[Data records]
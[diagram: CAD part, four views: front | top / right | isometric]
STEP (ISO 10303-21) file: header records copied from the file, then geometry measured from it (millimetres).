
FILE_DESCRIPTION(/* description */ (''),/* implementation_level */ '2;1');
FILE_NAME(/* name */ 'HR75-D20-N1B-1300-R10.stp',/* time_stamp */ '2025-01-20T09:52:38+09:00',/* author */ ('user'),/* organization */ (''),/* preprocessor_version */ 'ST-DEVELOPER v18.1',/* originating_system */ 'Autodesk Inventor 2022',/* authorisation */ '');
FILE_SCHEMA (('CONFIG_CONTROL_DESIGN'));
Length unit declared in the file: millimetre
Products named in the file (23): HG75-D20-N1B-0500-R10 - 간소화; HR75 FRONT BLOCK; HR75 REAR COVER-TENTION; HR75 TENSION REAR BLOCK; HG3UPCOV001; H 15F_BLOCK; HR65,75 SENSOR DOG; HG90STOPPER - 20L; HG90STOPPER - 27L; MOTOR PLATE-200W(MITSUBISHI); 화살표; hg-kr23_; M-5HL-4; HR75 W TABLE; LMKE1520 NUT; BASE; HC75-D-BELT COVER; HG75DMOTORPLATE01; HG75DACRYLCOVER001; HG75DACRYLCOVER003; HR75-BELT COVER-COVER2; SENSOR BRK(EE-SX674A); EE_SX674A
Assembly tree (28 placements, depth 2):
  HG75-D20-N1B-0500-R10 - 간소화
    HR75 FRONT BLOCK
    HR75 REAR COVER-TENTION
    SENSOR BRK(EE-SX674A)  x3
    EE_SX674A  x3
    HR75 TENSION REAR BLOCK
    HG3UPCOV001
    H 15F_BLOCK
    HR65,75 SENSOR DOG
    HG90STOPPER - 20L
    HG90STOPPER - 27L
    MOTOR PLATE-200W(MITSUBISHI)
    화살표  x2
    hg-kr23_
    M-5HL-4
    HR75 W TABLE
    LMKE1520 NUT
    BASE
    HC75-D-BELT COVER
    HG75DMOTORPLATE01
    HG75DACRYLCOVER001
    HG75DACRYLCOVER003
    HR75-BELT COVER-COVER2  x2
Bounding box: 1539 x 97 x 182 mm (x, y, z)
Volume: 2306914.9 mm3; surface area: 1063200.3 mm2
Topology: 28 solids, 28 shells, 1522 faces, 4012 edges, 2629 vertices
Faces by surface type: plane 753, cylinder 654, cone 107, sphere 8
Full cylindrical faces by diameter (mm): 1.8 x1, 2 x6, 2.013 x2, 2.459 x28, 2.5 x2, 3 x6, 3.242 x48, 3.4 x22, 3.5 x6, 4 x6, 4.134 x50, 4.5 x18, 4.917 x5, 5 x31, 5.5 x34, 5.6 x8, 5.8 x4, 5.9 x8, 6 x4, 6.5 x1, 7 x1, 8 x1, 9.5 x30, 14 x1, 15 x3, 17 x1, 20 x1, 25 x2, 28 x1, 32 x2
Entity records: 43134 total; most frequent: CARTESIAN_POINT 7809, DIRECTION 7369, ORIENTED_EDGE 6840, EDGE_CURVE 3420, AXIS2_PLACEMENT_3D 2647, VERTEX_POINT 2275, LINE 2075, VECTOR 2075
==
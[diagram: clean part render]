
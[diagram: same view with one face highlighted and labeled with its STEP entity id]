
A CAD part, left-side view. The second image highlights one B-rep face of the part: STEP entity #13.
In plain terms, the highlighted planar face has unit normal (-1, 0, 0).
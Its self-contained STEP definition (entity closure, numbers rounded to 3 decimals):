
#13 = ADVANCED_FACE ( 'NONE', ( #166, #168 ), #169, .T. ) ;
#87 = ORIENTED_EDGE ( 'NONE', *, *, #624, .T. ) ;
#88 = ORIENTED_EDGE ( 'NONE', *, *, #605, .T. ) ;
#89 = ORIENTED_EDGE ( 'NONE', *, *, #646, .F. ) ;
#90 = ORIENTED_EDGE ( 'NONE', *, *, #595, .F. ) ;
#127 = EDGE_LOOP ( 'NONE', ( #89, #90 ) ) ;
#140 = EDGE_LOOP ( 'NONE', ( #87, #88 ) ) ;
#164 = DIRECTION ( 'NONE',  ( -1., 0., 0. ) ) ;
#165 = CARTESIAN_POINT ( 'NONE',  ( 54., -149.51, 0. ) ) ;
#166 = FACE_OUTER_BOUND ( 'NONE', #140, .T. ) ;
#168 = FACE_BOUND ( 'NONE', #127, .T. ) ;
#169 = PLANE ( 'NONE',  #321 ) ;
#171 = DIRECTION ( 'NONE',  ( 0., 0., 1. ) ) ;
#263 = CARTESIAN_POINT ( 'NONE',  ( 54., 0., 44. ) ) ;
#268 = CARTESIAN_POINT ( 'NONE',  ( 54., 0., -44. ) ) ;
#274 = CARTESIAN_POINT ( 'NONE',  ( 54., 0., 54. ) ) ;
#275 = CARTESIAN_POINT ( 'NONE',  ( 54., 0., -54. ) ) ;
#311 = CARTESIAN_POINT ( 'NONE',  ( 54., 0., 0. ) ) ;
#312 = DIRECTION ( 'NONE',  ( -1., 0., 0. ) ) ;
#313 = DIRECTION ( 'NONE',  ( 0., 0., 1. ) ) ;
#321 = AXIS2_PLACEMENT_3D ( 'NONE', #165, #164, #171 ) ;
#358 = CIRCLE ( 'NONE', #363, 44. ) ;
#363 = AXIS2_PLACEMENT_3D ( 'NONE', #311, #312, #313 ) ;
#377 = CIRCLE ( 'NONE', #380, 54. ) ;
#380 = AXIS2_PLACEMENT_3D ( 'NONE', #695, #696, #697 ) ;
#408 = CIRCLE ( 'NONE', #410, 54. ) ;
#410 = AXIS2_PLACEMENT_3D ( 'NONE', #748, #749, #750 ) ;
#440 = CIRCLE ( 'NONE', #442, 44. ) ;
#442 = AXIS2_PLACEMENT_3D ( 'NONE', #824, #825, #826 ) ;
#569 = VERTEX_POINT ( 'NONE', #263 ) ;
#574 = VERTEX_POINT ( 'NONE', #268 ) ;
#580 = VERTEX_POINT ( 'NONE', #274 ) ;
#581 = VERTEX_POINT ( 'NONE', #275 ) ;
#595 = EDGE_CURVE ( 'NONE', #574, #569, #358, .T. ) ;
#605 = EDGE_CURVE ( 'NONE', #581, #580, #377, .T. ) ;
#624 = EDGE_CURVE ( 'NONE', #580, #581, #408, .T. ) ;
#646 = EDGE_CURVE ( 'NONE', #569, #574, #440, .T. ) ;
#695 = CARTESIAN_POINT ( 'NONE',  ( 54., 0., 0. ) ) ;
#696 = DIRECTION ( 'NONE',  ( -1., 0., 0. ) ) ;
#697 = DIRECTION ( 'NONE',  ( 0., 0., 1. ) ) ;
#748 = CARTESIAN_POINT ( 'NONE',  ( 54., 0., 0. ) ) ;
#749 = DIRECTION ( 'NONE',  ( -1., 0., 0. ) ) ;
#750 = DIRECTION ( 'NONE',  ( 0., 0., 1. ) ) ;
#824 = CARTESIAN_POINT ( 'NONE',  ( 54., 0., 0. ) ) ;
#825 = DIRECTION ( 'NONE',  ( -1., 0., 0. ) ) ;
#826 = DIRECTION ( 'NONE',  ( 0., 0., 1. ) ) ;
--
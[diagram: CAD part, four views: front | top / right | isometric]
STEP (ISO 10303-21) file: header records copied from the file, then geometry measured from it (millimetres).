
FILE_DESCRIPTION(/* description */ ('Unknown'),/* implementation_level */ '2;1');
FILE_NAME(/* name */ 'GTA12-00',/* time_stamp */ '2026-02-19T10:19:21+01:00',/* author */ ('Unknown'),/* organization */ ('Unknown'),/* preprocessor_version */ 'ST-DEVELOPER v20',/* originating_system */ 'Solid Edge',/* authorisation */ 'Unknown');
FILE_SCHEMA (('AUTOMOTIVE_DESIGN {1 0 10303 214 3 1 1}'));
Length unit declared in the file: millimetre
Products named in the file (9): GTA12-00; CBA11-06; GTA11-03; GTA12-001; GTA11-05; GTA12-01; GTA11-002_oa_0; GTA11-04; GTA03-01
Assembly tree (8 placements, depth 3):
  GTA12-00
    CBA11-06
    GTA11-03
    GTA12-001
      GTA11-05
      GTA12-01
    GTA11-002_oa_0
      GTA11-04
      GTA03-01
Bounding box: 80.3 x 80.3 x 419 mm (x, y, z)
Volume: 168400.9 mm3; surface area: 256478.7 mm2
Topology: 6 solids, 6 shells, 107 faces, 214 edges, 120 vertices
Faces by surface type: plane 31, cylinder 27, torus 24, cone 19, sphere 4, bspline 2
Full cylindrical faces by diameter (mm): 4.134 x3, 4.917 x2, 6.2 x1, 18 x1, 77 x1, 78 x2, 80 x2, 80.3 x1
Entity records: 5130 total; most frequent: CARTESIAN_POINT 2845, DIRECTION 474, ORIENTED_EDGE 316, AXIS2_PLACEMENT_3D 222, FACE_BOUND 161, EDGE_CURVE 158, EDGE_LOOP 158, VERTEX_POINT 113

▶ WHAT TO DO
Show a copy of each line from the data that includes the word "area".

▶ RESULT
Volume: 2306914.9 mm3; surface area: 1063200.3 mm2
Volume: 168400.9 mm3; surface area: 256478.7 mm2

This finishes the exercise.